The following code copies text from one file to another:

fh_in = fopen(inputname, "r") fh_out = fopen(outputname, "w") while ((line=fget(fh_in))!=J(0,0,"")) { fput(fh_out, line) } fclose(fh_out) fclose(fh_in)

The following code reads a file (binary or text) and changes every occurrence of "a" to "b":

fh_in = fopen(inputname, "r") fh_out = fopen(outputname, "w") while ((c=fread(fh_in, 1))!=J(0,0,"")) { fwrite(fh_out, (c=="a" ? "b" : c)) } fclose(fh_out) fclose(fh_in)

Reading and writing in the same file

You may read and write from a file opened "rw", using any of the read or write functions described above. When reading and writing in the same file, one often uses file repositioning functions, too; see Repositioning in a file below.

Reading and writing matrices

Functions

fputmatrix(fh, transmorphic matrix X)

and

_fputmatrix(fh, transmorphic matrix X)

will write a matrix to a file. In the usual fashion, fputmatrix() returns nothing (it aborts if there is an I/O error) and _fputmatrix() returns a scalar equal to 0 if all went well and a negative error code otherwise.

Functions

fgetmatrix(fh [, real scalar isstrict])

and

_fgetmatrix(fh [, real scalar isstrict])

will read a matrix written by fputmatrix() or _fputmatrix(). Both functions return the matrix read or return J(0,0,.) on end of file (both functions) or error (_fgetmatrix() only). Because J(0,0,.) could be the matrix that was written, distinguishing between that and end of file requires subsequent use of fstatus(). fstatus() will return 0 if fgetmatrix() or _fgetmatrix() returned a written matrix, -1 if end of file, or (after _fgetmatrix()) a negative error code.
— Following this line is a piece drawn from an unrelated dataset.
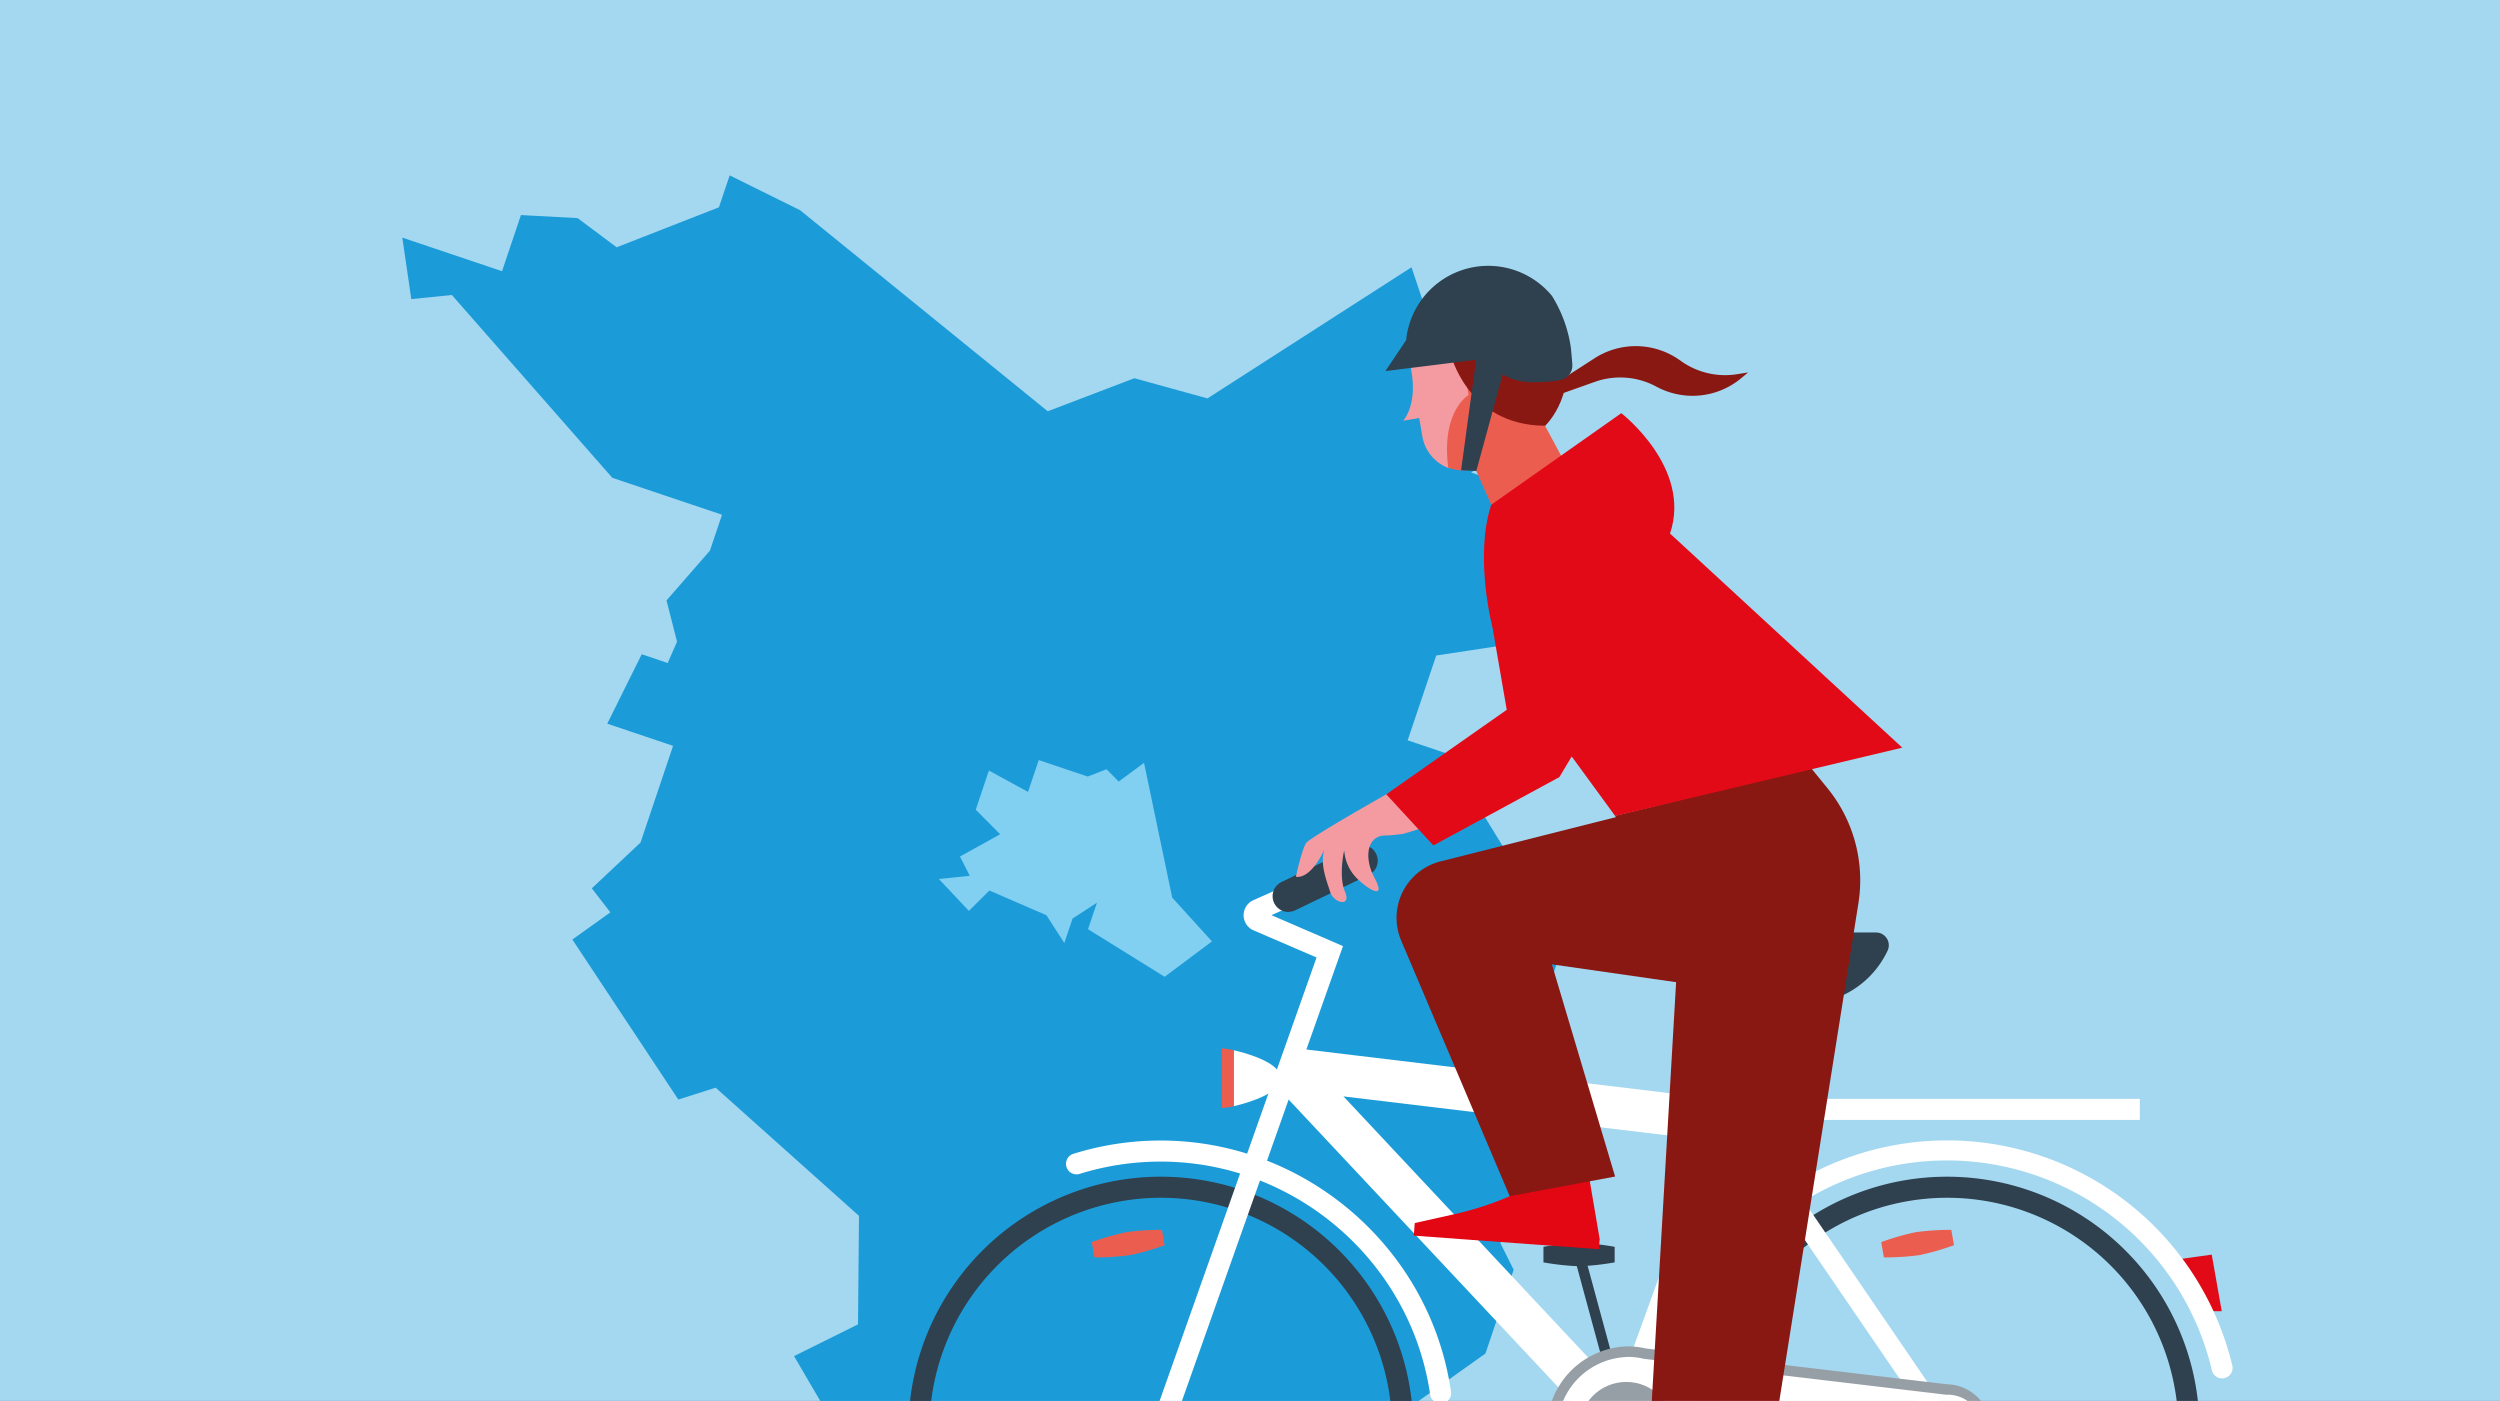 <svg id="Ebene_1" data-name="Ebene 1" xmlns="http://www.w3.org/2000/svg" xmlns:xlink="http://www.w3.org/1999/xlink" viewBox="0 0 737 413"><rect x="0" y="0" width="737" height="413" fill="#333333" stroke="none"/><defs><style>.cls-1{fill:none;}.cls-2{fill:#a4d8f0;}.cls-3{clip-path:url(#clip-path);}.cls-4{fill:#1b9cd9;}.cls-5{fill:#81cff1;}.cls-6{fill:#e30a18;}.cls-7{fill:#fff;}.cls-8{fill:#2f404e;}.cls-9{fill:#e20613;}.cls-10{fill:#979fa6;}.cls-11{fill:#eb5e4f;}.cls-12{fill:#e30613;}.cls-13{fill:#f49ba1;}.cls-14{fill:#891812;}</style><clipPath id="clip-path"><polygon class="cls-1" points="737.67 -1.17 -1.33 -0.17 -1.33 414.45 737.67 413.45 737.67 -1.17"/></clipPath></defs><polygon class="cls-2" points="738.33 -1.31 -0.67 -0.31 -0.67 414.31 738.33 413.31 738.33 -1.31"/><g class="cls-3"><polygon class="cls-4" points="118.6 70.05 148 79.95 153.57 63.4 170.28 64.3 181.79 72.9 211.94 61.11 215.11 51.7 235.87 61.97 308.87 121.24 334.4 111.5 355.96 117.45 416.11 78.79 424.28 103.14 457.79 114.43 454.43 124.42 433.71 139.3 450.17 144.84 470.36 134.82 472.4 148.8 460.4 159.16 450.31 189.15 423.4 193.25 414.98 218.25 426.15 222.01 460.83 278.44 454.7 296.67 437.79 308 438.9 331.93 452.42 336.49 442.32 366.47 446.23 374.33 437.91 399.02 417.27 413.67 427.36 449.8 422.22 465.09 371.41 464.34 351.24 450.36 326.44 477.35 274.12 459.74 263.77 443.81 245.9 450.23 238.25 447.66 246.96 421.79 234.08 399.78 252.94 390.42 253.23 358.44 210.97 320.65 199.97 324.15 168.73 276.97 179.93 268.96 174.46 261.88 188.82 248.39 198.42 219.88 179.02 213.34 189.18 192.87 196.83 195.45 199.59 189.18 196.49 177 209.28 162.33 212.85 151.75 180.51 140.86 133.2 86.96 121.25 88.18 118.6 70.05"/><polygon class="cls-5" points="337.26 224.89 345.57 264.62 357.29 277.52 343.33 287.96 320.75 273.93 323.39 266.1 316.19 270.79 313.76 278 308.49 269.81 291.67 262.53 285.63 268.53 276.76 259.12 285.9 258.19 283 252.5 294.85 245.94 287.65 238.7 291.53 227.16 303.06 233.45 306.22 224.07 320.65 228.93 326.19 226.78 329.79 230.4 337.26 224.89"/><polygon class="cls-6" points="639.81 371.56 652.02 369.86 654.97 386.54 649.09 386.54 639.81 371.56"/><rect class="cls-7" x="516.23" y="323.94" width="114.59" height="6.21"/><path class="cls-8" d="M465.54,366.42A75.54,75.54,0,0,1,476,367.56v4.59a75.54,75.54,0,0,1-10.49,1.14,75.55,75.55,0,0,1-10.5-1.14v-4.59A75.55,75.55,0,0,1,465.54,366.42Z"/><rect class="cls-8" x="470.93" y="368.93" width="3.1" height="53.28" transform="translate(-87.08 137.49) rotate(-15.18)"/><path class="cls-7" d="M492,410.5a3.09,3.09,0,0,0,3-2.54A80.25,80.25,0,0,1,652,403.69a3.1,3.1,0,1,0,6-1.45,86.45,86.45,0,0,0-169,4.59,3.1,3.1,0,0,0,2.49,3.61A2.76,2.76,0,0,0,492,410.5Z"/><path class="cls-7" d="M424.67,413.75l.45,0a3.1,3.1,0,0,0,2.63-3.52c-6.07-42.19-42.85-74-85.54-74a86.24,86.24,0,0,0-25.73,3.9,3.1,3.1,0,1,0,1.84,5.92,80.2,80.2,0,0,1,23.89-3.61c39.63,0,73.76,29.53,79.4,68.68A3.1,3.1,0,0,0,424.67,413.75Z"/><path class="cls-8" d="M574,495.69a74.4,74.4,0,1,0-74.4-74.4A74.48,74.48,0,0,0,574,495.69Zm0-142.59a68.19,68.19,0,1,1-68.19,68.19A68.27,68.27,0,0,1,574,353.1Z"/><path class="cls-8" d="M342.21,495.69a74.4,74.4,0,1,0-74.39-74.4A74.48,74.48,0,0,0,342.21,495.69Zm0-142.59A68.19,68.19,0,1,1,274,421.29,68.27,68.27,0,0,1,342.21,353.1Z"/><rect class="cls-7" x="539.96" y="321.37" width="6.21" height="109.48" transform="translate(-117.51 371.92) rotate(-34.34)"/><path class="cls-7" d="M474.91,425.53l10.36-2.13,40.65-112.22L514.24,307,508,324.17,380.58,308.85l-5.27,10.41Zm28.76-89.37-26.62,73.5-81-86.44Z"/><rect class="cls-9" x="498.58" y="308.46" width="41.19" height="6.2" transform="translate(49.44 693.61) rotate(-70.09)"/><path class="cls-7" d="M342.21,424.39a3.09,3.09,0,0,0,2.92-2.07l50.78-143.41-21.09-9.12,21.65-9.66a3.1,3.1,0,1,0-2.53-5.67L369.5,265.37a4.86,4.86,0,0,0,.05,8.9l18.57,8L339.28,420.25a3.09,3.09,0,0,0,2.93,4.14Z"/><path class="cls-8" d="M553.05,274.9H495.67a3.76,3.76,0,0,0-1.5,7.21l26.59,11.59a27.36,27.36,0,0,0,35.7-13.44h0A3.76,3.76,0,0,0,553.05,274.9Z"/><path class="cls-7" d="M479.94,398.47a23.08,23.08,0,0,1,5,.59l89,10.57A11.66,11.66,0,0,1,574,433l-89,10.57a23.08,23.08,0,0,1-5,.59,22.82,22.82,0,0,1,0-45.64Z"/><path class="cls-10" d="M479.94,445.66a23.92,23.92,0,0,0,5.37-.63l88.84-10.54h0a13.21,13.21,0,0,0-.2-26.41l-88.82-10.56a23.5,23.5,0,0,0-5.21-.61,24.38,24.38,0,0,0,0,48.75Zm0-45.65a21.25,21.25,0,0,1,4.69.57l89.16,10.59A10.12,10.12,0,1,1,574,431.4L484.79,442a22.28,22.28,0,0,1-4.85.58,21.28,21.28,0,0,1,0-42.55Z"/><circle class="cls-10" cx="479.43" cy="421.29" r="13.9"/><path class="cls-8" d="M379.84,268.81a4.68,4.68,0,0,0,2-.46L403.36,258a4.65,4.65,0,1,0-4-8.39L377.82,260a4.65,4.65,0,0,0,2,8.85Z"/><path class="cls-7" d="M377.18,317.1v1.51c0,3.42-8.29,6.33-13.47,7.49V309.61C368.89,310.76,377.18,313.67,377.18,317.1Z"/><path class="cls-11" d="M360.23,309.07a19.42,19.42,0,0,1,3.48.54V326.1a19.42,19.42,0,0,1-3.48.54Z"/><path class="cls-11" d="M332,363.25a75.58,75.58,0,0,1,10.54-.69l.39,2.26.4,2.26A76.18,76.18,0,0,1,333.17,370a75.46,75.46,0,0,1-10.53.69l-.4-2.26-.4-2.26A76.18,76.18,0,0,1,332,363.25Z"/><path class="cls-11" d="M564.71,363.25a75.46,75.46,0,0,1,10.53-.69l.4,2.26.4,2.26A76,76,0,0,1,565.9,370a75.39,75.39,0,0,1-10.53.69l-.4-2.26-.39-2.26A75.67,75.67,0,0,1,564.71,363.25Z"/><path class="cls-12" d="M452.11,349.25l15.28-8.56,4.19,24.58-.22,3-54.57-4,.28-3.72,11.81-2.64a90.32,90.32,0,0,0,23.23-8.69Z"/><rect class="cls-9" x="499.11" y="307.72" width="41.93" height="6.32" transform="translate(50.68 694) rotate(-70.09)"/><polygon class="cls-11" points="462.55 138.69 440.97 151.88 433.66 135.32 455.48 125.51 462.55 138.69"/><path class="cls-13" d="M434.32,86c-11.9,2-20.45,10.22-18.21,23.58,1.69,10.11-2.45,14.45-2.45,14.45l4.73-.79.9,5.33a12.18,12.18,0,0,0,7.63,9.37c2.43.94,36.56-10,32.29-35.57C457,89,446.22,84,434.32,86Z"/><path class="cls-11" d="M432.93,116.46l-1.71-10.25L455.43,93a21.38,21.38,0,0,1,3.78,9.31c4.27,25.52-12.11,31.61-24.41,35.75a11.53,11.53,0,0,1-7.87-.21C424.81,121.14,432.93,116.46,432.93,116.46Z"/><path class="cls-14" d="M533.86,226.38l5,6.13a43,43,0,0,1,9,33.76L517.87,455H484.51l10.11-174.12-18.47-40.38Z"/><path class="cls-14" d="M533.86,226.38,424.68,253.93a17.18,17.18,0,0,0-11.61,23.37l32,75.35,31.06-5.81-18.63-62.55,54.76,7.87Z"/><path class="cls-14" d="M427.51,103.88s4.77,21.54,28,21.63c0,0,10.95-10.08,4.42-28.1Z"/><path class="cls-14" d="M458.05,113.37l12.05-7.77a22.41,22.41,0,0,1,25,.51l.55.39a22.39,22.39,0,0,0,16.46,3.81l3.24-.52L513,111.74a22.39,22.39,0,0,1-24.7,2.24h0a22.38,22.38,0,0,0-18.16-1.4l-13.44,4.77Z"/><path class="cls-8" d="M414.46,100.38h.06a24.33,24.33,0,0,1,43-13.15,39.37,39.37,0,0,1,5.6,15.5c0,.27.4,4,.41,5a4.29,4.29,0,0,1-3.62,4.3,39.15,39.15,0,0,1-7.54.63,17.42,17.42,0,0,1-9.39-2.26l-7.76,28.44-4.49-.21,4.43-32.57-16.8,2.1-3.3.41-6.65.83Z"/><path class="cls-13" d="M385.07,248.51c1.27-1.82,27.07-16.3,27.07-16.3,15.17-7.43,32.72-16.05,35.79-18.55,5.24-4.28,3.39-69.64,21-69.45,12.33.13,20.7,14.55,16.87,32.38-3.31,15.39-26.08,52.52-26.08,52.52S427.16,242,413.61,245.83c0,0-3.6.48-5.13.47-5.48-.05-6.5,6.49-3.25,12.54s-.94,4-4.49.77a12.89,12.89,0,0,1-4.47-9s-1.74,7.66.24,12.29-3.34,3.35-4.35.09-3.12-8.1-1.73-12.6c0,0-3.65,8.66-8.4,8.1C382,258.5,383.79,250.33,385.07,248.51Z"/><path class="cls-6" d="M439.61,148.8l38.35-27s20.91,16.13,14.36,35.48l68.47,63.13-84.64,20.14L463.33,223l-3.65,6.1-37.12,20.14-13.89-15.08,35.52-24.91L440,185.05S434.54,164.25,439.61,148.8Z"/></g></svg>

For a Mata struct or class matrix, a matrix according to the current definition will be created, and the saved matrix will be used to initialize the new matrix based on member-name matching.

Optional argument isstrict affects the behavior of the functions if the matrix being read is a Mata struct or class matrix. When the argument is set and not zero, the current struct or class definition in memory will be checked against the saved matrix to ensure that all variable names, variable eltypes, and variable orgtypes match each other.

fputmatrix() writes matrices in a compact, efficient, and portable format; a matrix written on a Windows computer can be read back on a Mac or Unix computer and vice versa.

The following code creates a file containing three matrices,

fh = fopen(filename, "w") fputmatrix(fh, a) fputmatrix(fh, b) fputmatrix(fh, c) fclose(fh)

and the following code reads them back:

fh = fopen(filename, "r") a = fgetmatrix(fh) b = fgetmatrix(fh) c = fgetmatrix(fh) fclose(fh)

The following code saves a Mata class scalar to file,

class sA { real scalar r string scalar s static scalar sr void new() } a = sA() a.r = 1 a.s = "sA instance" fh = fopen(filename, "w") fputmatrix(fh, a) fclose(fh)

and the following code reads the class matrix back:

fh = fopen(filename, "r") a = fgetmatrix(fh) fclose(fh)

The contents of a depends on the current definition of class sA in memory. If the definition does not change, a.r will be 1 and a.s will be "sA instance". Note: Only regular variables are saved and read back; static variables and functions are not saved. Also, the new() function will not be called in the created class scalar. If the class definition has been changed,

class sA { real scalar r real scalar b static scalar sr void new() }

the function will not read the matrix if optional argument isstrict is specified and not zero. Otherwise, a class sA scalar a according to the current definition will be created. (Note: new() will not be called.) Member variables with matching names and compatible eltypes and orgtypes will be initialized using the values in the saved matrix. In this example, a.r will be 1, and a.b will be missing because b is not a member in the class sA definition when it was saved.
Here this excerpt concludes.